-- Information provided follows --
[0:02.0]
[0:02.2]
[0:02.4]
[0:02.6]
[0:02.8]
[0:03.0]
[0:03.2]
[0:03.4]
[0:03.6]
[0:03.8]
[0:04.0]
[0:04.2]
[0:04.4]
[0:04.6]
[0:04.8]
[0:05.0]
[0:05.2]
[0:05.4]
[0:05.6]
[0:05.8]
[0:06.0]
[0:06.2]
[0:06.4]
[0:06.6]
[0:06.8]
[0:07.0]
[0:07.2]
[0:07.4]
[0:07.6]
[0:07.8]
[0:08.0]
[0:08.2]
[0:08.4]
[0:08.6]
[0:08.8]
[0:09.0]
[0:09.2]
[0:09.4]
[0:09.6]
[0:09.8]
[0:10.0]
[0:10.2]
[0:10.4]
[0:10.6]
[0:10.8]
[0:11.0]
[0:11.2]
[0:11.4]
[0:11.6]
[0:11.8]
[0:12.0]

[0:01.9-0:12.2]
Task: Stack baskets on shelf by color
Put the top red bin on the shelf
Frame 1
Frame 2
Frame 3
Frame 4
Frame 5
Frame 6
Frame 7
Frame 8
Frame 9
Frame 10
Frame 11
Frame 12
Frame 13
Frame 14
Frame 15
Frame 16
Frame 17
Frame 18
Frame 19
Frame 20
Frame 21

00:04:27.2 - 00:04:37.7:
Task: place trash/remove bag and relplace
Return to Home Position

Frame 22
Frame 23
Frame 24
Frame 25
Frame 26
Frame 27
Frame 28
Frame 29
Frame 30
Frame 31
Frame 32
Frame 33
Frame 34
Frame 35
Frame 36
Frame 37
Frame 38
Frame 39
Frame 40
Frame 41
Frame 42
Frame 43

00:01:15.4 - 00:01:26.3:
-- Information provided concluded --
- What to do: Whatever appears in the material must be set down again, word for word.

- Solution below:
[0:02.0]
[0:02.2]
[0:02.4]
[0:02.6]
[0:02.8]
[0:03.0]
[0:03.2]
[0:03.4]
[0:03.6]
[0:03.8]
[0:04.0]
[0:04.2]
[0:04.4]
[0:04.6]
[0:04.8]
[0:05.0]
[0:05.2]
[0:05.4]
[0:05.6]
[0:05.8]
[0:06.0]
[0:06.2]
[0:06.4]
[0:06.6]
[0:06.8]
[0:07.0]
[0:07.2]
[0:07.4]
[0:07.6]
[0:07.8]
[0:08.0]
[0:08.2]
[0:08.4]
[0:08.6]
[0:08.8]
[0:09.0]
[0:09.2]
[0:09.4]
[0:09.6]
[0:09.8]
[0:10.0]
[0:10.2]
[0:10.4]
[0:10.6]
[0:10.8]
[0:11.0]
[0:11.2]
[0:11.4]
[0:11.6]
[0:11.8]
[0:12.0]

[0:01.9-0:12.2]
Task: Stack baskets on shelf by color
Put the top red bin on the shelf
Frame 1
Frame 2
Frame 3
Frame 4
Frame 5
Frame 6
Frame 7
Frame 8
Frame 9
Frame 10
Frame 11
Frame 12
Frame 13
Frame 14
Frame 15
Frame 16
Frame 17
Frame 18
Frame 19
Frame 20
Frame 21

00:04:27.2 - 00:04:37.7:
Task: place trash/remove bag and relplace
Return to Home Position

Frame 22
Frame 23
Frame 24
Frame 25
Frame 26
Frame 27
Frame 28
Frame 29
Frame 30
Frame 31
Frame 32
Frame 33
Frame 34
Frame 35
Frame 36
Frame 37
Frame 38
Frame 39
Frame 40
Frame 41
Frame 42
Frame 43

00:01:15.4 - 00:01:26.3:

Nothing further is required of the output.